* _Task requirements_:
Please give back word for word the lines of the material below between the line containing "మన రాష్ట్రములో ప్రాచీనమునుండి" and the line containing "కొక క్రొత్త పొగాకు", inclusive.

* _Supplied records_:
::::::

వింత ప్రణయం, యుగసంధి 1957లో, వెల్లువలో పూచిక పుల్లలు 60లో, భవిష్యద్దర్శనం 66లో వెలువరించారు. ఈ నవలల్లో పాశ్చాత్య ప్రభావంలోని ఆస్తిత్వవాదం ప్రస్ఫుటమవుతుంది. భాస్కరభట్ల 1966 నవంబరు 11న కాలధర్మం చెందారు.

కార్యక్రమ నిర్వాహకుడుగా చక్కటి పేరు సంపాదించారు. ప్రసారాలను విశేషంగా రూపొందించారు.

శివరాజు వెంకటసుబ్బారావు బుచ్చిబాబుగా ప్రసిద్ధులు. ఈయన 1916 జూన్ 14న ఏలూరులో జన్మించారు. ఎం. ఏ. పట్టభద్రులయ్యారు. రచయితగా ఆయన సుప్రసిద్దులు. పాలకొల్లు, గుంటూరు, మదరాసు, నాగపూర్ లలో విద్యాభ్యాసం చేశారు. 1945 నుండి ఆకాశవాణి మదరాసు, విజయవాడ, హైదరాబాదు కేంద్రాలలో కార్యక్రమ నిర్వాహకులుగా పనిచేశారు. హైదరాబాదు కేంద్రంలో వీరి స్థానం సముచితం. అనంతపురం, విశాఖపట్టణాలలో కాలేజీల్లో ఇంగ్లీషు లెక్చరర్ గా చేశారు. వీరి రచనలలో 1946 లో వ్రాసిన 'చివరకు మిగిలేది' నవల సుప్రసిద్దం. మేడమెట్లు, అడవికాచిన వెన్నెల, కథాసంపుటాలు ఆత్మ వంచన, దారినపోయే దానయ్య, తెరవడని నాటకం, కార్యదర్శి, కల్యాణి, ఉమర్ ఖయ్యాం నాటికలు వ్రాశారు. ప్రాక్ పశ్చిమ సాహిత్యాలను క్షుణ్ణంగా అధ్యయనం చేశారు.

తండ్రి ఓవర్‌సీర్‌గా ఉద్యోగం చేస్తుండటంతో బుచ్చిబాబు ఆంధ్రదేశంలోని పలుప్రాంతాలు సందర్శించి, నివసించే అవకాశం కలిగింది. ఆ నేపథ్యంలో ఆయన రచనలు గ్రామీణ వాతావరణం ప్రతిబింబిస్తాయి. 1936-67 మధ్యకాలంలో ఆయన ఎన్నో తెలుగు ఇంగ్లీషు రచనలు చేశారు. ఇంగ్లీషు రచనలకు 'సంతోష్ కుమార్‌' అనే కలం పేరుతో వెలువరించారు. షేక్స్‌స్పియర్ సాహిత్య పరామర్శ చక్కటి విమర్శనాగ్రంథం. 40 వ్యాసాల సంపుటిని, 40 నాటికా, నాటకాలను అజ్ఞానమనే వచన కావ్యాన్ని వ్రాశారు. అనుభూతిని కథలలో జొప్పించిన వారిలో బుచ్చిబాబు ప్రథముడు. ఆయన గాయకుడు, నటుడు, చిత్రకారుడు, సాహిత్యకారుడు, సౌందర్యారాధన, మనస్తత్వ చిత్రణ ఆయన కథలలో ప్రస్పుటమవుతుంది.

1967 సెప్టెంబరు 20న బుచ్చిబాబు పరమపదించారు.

::::::

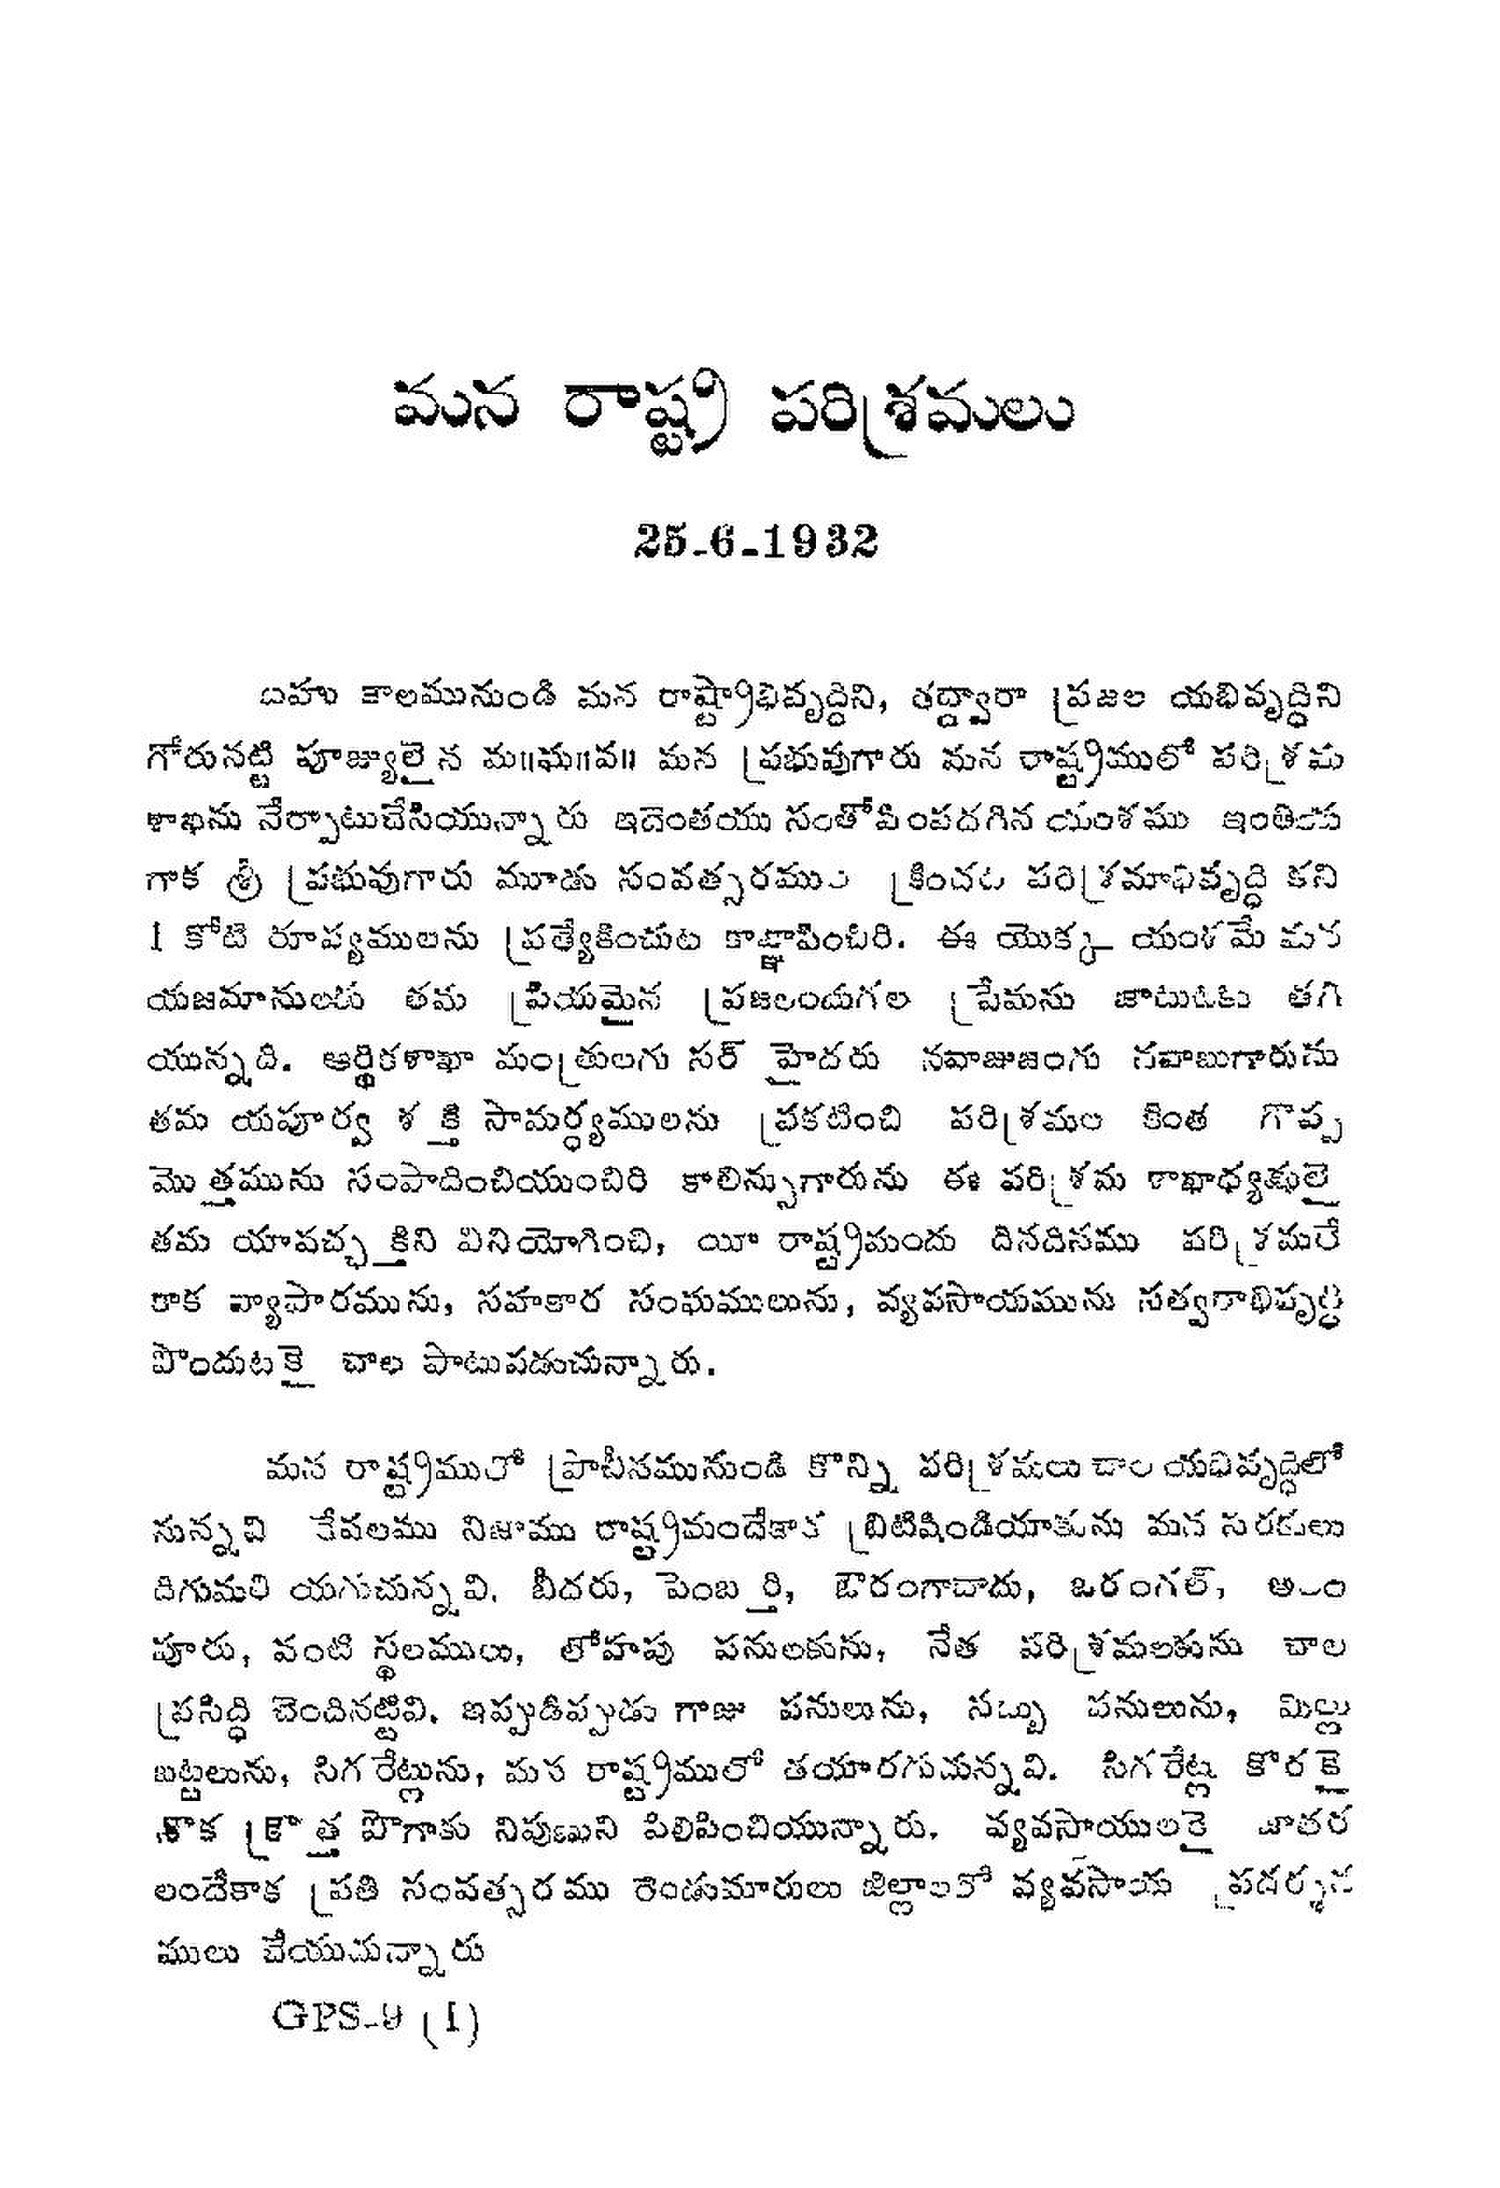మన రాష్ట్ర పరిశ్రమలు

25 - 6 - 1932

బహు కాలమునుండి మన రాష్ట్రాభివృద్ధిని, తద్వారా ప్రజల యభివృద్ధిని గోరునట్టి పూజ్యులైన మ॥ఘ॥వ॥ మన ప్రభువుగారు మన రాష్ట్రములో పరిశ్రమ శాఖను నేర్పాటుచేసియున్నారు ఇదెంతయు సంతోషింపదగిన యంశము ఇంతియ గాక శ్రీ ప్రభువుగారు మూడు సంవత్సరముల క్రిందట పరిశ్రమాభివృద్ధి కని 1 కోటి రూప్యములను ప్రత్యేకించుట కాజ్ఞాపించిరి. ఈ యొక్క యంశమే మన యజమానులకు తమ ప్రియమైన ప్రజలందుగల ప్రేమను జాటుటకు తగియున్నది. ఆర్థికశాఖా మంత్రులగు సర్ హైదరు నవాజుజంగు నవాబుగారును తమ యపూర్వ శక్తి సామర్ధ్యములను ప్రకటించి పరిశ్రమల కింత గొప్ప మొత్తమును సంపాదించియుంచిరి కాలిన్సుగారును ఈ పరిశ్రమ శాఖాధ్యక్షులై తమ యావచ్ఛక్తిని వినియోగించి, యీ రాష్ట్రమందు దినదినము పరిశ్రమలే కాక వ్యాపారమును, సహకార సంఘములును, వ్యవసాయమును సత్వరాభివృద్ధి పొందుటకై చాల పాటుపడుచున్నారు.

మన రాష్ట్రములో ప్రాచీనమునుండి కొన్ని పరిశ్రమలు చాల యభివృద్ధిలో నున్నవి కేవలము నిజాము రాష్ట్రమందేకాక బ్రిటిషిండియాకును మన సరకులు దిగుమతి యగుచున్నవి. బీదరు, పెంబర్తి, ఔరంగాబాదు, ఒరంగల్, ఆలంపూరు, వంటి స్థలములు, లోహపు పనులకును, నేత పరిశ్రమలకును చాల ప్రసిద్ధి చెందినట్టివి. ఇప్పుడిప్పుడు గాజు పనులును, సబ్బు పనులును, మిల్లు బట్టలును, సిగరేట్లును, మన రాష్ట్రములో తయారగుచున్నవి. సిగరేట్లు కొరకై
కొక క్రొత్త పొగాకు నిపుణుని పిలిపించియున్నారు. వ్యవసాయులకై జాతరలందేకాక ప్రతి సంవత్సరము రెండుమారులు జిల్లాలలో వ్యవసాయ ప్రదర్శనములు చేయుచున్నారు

::::::

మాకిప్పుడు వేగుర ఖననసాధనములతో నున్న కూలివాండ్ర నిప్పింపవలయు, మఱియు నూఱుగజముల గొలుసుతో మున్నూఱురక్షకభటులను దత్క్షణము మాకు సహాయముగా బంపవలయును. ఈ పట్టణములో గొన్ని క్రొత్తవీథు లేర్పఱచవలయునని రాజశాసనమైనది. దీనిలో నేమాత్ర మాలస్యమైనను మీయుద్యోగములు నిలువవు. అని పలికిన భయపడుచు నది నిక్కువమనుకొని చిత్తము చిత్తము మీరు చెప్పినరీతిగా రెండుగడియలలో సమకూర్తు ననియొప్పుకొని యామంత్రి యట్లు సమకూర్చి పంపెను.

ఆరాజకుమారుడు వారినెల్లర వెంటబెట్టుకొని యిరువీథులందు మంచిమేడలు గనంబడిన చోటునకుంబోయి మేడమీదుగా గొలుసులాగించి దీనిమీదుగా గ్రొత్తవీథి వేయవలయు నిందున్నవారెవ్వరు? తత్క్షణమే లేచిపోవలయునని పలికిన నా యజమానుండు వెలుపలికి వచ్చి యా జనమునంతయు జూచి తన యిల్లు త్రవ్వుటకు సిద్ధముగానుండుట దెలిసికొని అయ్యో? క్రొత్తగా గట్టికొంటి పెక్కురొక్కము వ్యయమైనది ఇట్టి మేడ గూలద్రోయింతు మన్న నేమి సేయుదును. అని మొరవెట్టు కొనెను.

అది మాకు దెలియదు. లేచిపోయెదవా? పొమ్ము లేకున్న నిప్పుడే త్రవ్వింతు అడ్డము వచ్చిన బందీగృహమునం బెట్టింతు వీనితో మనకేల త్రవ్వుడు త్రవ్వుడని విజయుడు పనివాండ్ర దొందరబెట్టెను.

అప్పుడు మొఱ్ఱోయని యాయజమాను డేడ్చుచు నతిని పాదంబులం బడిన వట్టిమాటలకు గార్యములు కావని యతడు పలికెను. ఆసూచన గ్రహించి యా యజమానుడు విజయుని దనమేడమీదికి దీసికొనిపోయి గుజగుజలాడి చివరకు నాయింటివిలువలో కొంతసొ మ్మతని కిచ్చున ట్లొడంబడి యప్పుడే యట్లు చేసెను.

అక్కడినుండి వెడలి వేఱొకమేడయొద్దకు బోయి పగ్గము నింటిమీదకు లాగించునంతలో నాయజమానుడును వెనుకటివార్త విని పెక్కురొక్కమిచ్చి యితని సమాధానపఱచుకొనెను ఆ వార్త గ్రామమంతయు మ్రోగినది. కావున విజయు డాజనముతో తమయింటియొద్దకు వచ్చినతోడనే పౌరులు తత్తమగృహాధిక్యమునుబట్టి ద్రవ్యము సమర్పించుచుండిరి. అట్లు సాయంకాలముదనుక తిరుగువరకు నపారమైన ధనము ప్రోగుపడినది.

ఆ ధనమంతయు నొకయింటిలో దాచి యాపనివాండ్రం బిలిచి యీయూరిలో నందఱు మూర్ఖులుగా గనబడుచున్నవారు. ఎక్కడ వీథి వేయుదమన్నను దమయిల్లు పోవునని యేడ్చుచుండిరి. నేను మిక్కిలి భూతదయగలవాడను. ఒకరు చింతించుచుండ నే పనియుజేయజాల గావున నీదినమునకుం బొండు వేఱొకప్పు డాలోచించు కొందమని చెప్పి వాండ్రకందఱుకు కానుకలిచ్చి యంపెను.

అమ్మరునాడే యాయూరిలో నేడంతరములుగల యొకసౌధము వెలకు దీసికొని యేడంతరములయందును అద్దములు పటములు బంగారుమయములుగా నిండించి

::::::

* _Result_:
మన రాష్ట్రములో ప్రాచీనమునుండి కొన్ని పరిశ్రమలు చాల యభివృద్ధిలో నున్నవి కేవలము నిజాము రాష్ట్రమందేకాక బ్రిటిషిండియాకును మన సరకులు దిగుమతి యగుచున్నవి. బీదరు, పెంబర్తి, ఔరంగాబాదు, ఒరంగల్, ఆలంపూరు, వంటి స్థలములు, లోహపు పనులకును, నేత పరిశ్రమలకును చాల ప్రసిద్ధి చెందినట్టివి. ఇప్పుడిప్పుడు గాజు పనులును, సబ్బు పనులును, మిల్లు బట్టలును, సిగరేట్లును, మన రాష్ట్రములో తయారగుచున్నవి. సిగరేట్లు కొరకై
కొక క్రొత్త పొగాకు నిపుణుని పిలిపించియున్నారు. వ్యవసాయులకై జాతరలందేకాక ప్రతి సంవత్సరము రెండుమారులు జిల్లాలలో వ్యవసాయ ప్రదర్శనములు చేయుచున్నారు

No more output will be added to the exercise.